# Covington ky. bank fishing!!



## nlcatfish (Mar 21, 2005)

I was finally able to get out and check the bank area along Covington Ky. Since the Mike Fink baot was moved up to Newport was hoping that area would be free of time limits for parking. I was WRONG!! There is a 2 hour daytime parking limit from the Licking all the way to the old Covington Landing area. You can park from 6 P.M. without a problem. * SO evening fishing is o.k.* I then went down to where the Water Front restaurant was located . That entry was is roped off and NO trespassing sign posted. SO access to the bank is blocked unless a person can find a way to get to the bank some how and walk along the river's edge back up along the part of the river. So ever year there seems to get harder & harder to bank fish around Cincinnati.
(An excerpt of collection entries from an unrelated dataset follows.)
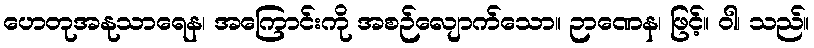
ဟေတုအနုသာရေန၊ အကြောင်းကို အစဉ်လျောက်သော။ ဉာဏေန၊ ဖြင့်။ ဝါ၊ သည်။
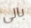
بالى
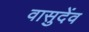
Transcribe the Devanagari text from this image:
वासुदेंव
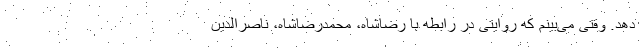
دهد. وقتی می‌بینم که روایتی در رابطه با رضاشاه، محمدرضاشاه، ناصرالدین
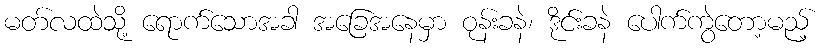
မတ်လထဲသို့ ရောက်သောအခါ အခြေအနေမှာ ဝုန်းခနဲ၊ ဒိုင်းခနဲ ပေါက်ကွဲတော့မည့်
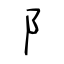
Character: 阝
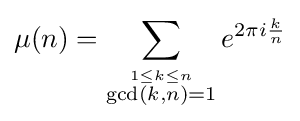
\mu (n)=\sum _{\stackrel {1\leq k\leq n}{\gcd(k,n)=1}}e^{2\pi i{\frac {k}{n}}}
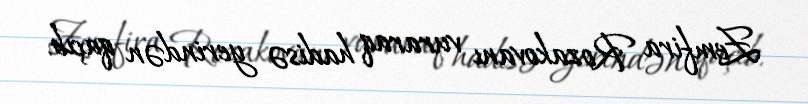
Zemfira Rozakovanı vuraraq hadisə yerindən qaçıb.
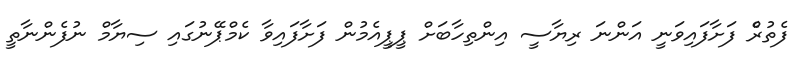
ފެތުރެް ފަށާފައިވަނީ އަންނަ ރިޔާސީ އިންތިހާބަށް ޕީޕީއެމުން ފަށާފައިވާ ކެމްޕޭނުގައި ސިޔާމް ނުފެންނާތީ
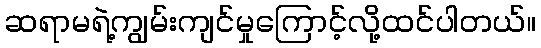
ဆရာမရဲ့ကျွမ်းကျင်မှုကြောင့်လို့ထင်ပါတယ်။
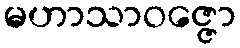
မဟာသာဝဇ္ဇော
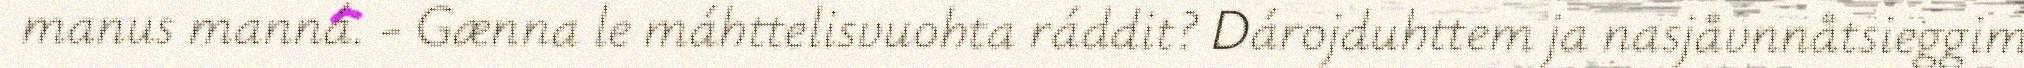
manus manná. - Gænna le máhttelisvuohta ráddit? Dárojduhttem ja nasjåvnnåtsieggim
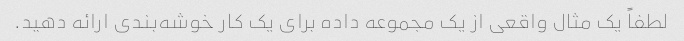
لطفاً یک مثال واقعی از یک مجموعه داده برای یک کار خوشه‌بندی ارائه دهید.
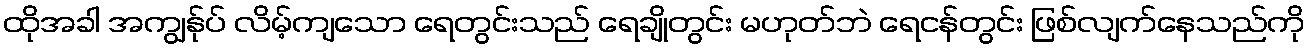
ထိုအခါ အကျွန်ုပ် လိမ့်ကျသော ရေတွင်းသည် ရေချိုတွင်း မဟုတ်ဘဲ ရေငန်တွင်း ဖြစ်လျက်နေသည်ကို
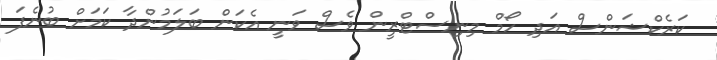
ކަރެކްޝަންސް އަދި ހޯމް މިނިސްޓްރީން ވެސް ވަނީ އެކަން ބަލަމުންދާ ކަމަށް ބުނެފަ
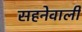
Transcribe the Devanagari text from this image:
सहनेवाली
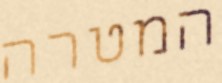
המטרה
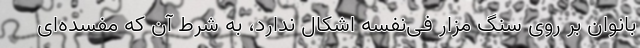
بانوان بر روی سنگ مزار فی‌نفسه اشکال ندارد، به شرط آن که مفسده‌ای
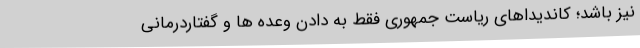
نیز باشد؛ کاندیداهای ریاست جمهوری فقط به دادن وعده ها و گفتاردرمانی
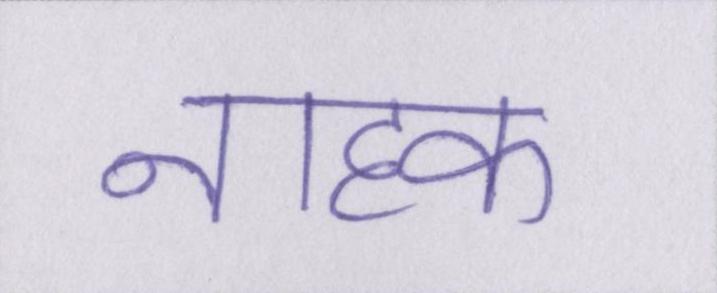
नाहक
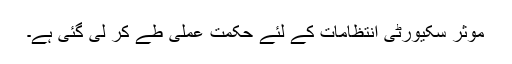
موثر سکیورٹی انتظامات کے لئے حکمت عملی طے کر لی گئی ہے۔
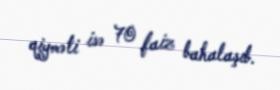
qiyməti isə 70 faiz bahalaşıb.
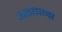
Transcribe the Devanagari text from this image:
ऊठताना
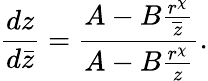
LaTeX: \frac{dz}{d\bar{z}}=\frac{A-B\frac{r^{\chi}}{\overline{{z}}}}{A-B\frac{r^{\chi}}{z}}.
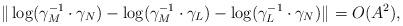
LaTeX: \begin{align*}\|\log(\gamma_M^{-1}\cdot\gamma_N)-\log(\gamma_M^{-1}\cdot\gamma_L)-\log(\gamma_L^{-1}\cdot\gamma_N)\|_{}=O(A^2),\end{align*}
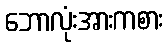
ဘောလုံးအားကစား
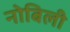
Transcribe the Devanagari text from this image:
नोबिली
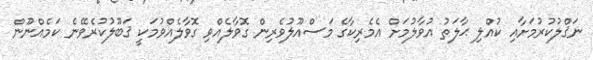
ނަޤްލުކުރުމަށާއި ކުއްލި ޙާލަތު އުވާލުމަށް އެމެރިކާގެ މަސްއޫލުވެރިން ގޮވާލެއްވި ގޮވާލެއްވުމަކީ ޤަބޫލުކުރެވޭނެ ކަމެއްނޫން
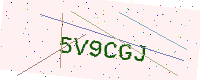
Text: 5V9CGJ
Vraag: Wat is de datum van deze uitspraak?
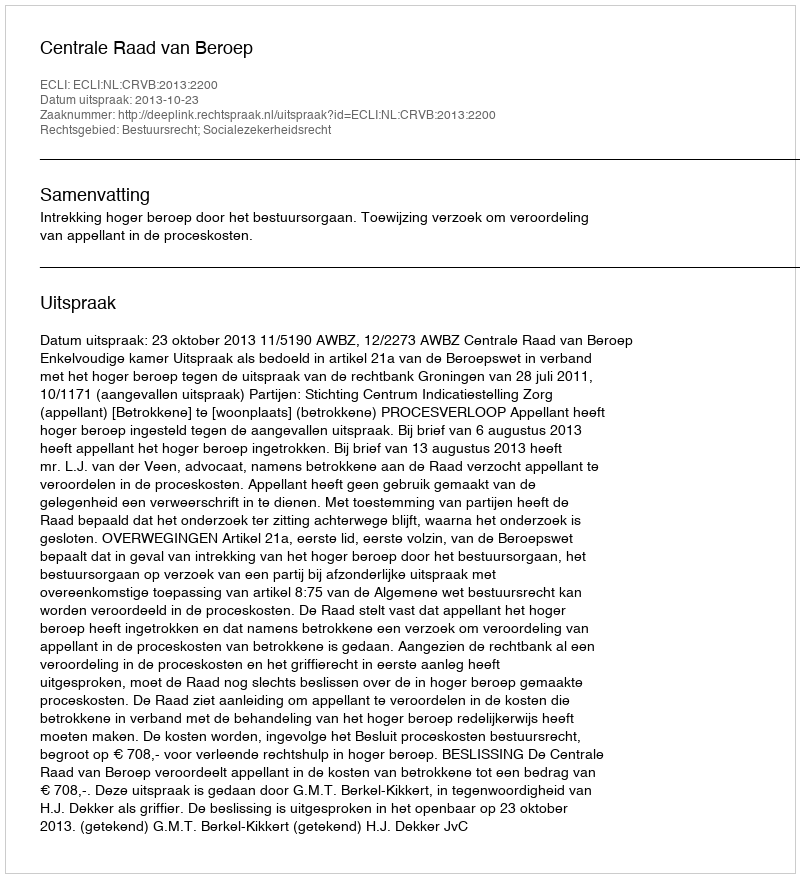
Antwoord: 2013-10-23
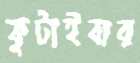
কুটাইবার
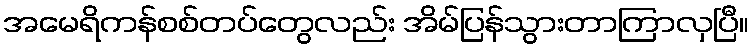
အမေရိကန်စစ်တပ်တွေလည်း အိမ်ပြန်သွားတာကြာလှပြီ။
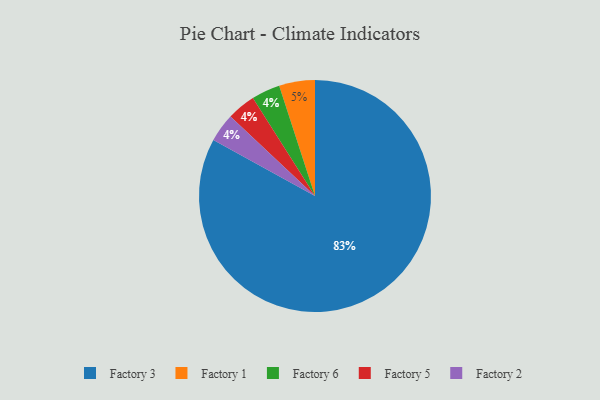
{"axis": {"x": "Category", "y": "Percentage"}, "legend": ["Factory 1", "Factory 2", "Factory 3", "Factory 5", "Factory 6"], "data": [{"x": "Factory 3", "y": 83, "type": "Factory 3"}, {"x": "Factory 6", "y": 4, "type": "Factory 6"}, {"x": "Factory 1", "y": 5, "type": "Factory 1"}, {"x": "Factory 5", "y": 4, "type": "Factory 5"}, {"x": "Factory 2", "y": 4, "type": "Factory 2"}]}
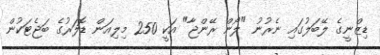
ޑިޒްނީގެ ލޭބަލުގައި ނެރުނު "ލޯން ރޭންޖާ" އަކީ 250 މިލިއަން ޑޮލަރުގެ ބަޖެޓަކުން
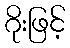
ဂိုးဖြင့်
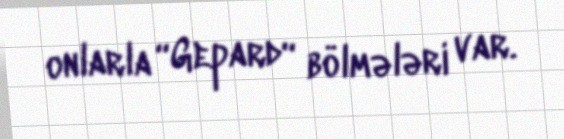
onlarla “Gepard“ bölmələri var.
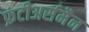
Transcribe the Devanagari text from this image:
फ्रंटीअर्समैन

Norb


----------



## GMoney45211 (Aug 11, 2013)

Anyone know of any common spots in the cincinnati area (other than the licking confluence) Newbie here just looking for some direction.

PM me please if you got anything.

thanks:B


----------



## fishdealer04 (Aug 27, 2006)

GMoney45211 said:


> Anyone know of any common spots in the cincinnati area (other than the licking confluence) Newbie here just looking for some direction.
> 
> PM me please if you got anything.
> 
> thanks:B


PM has been sent


----------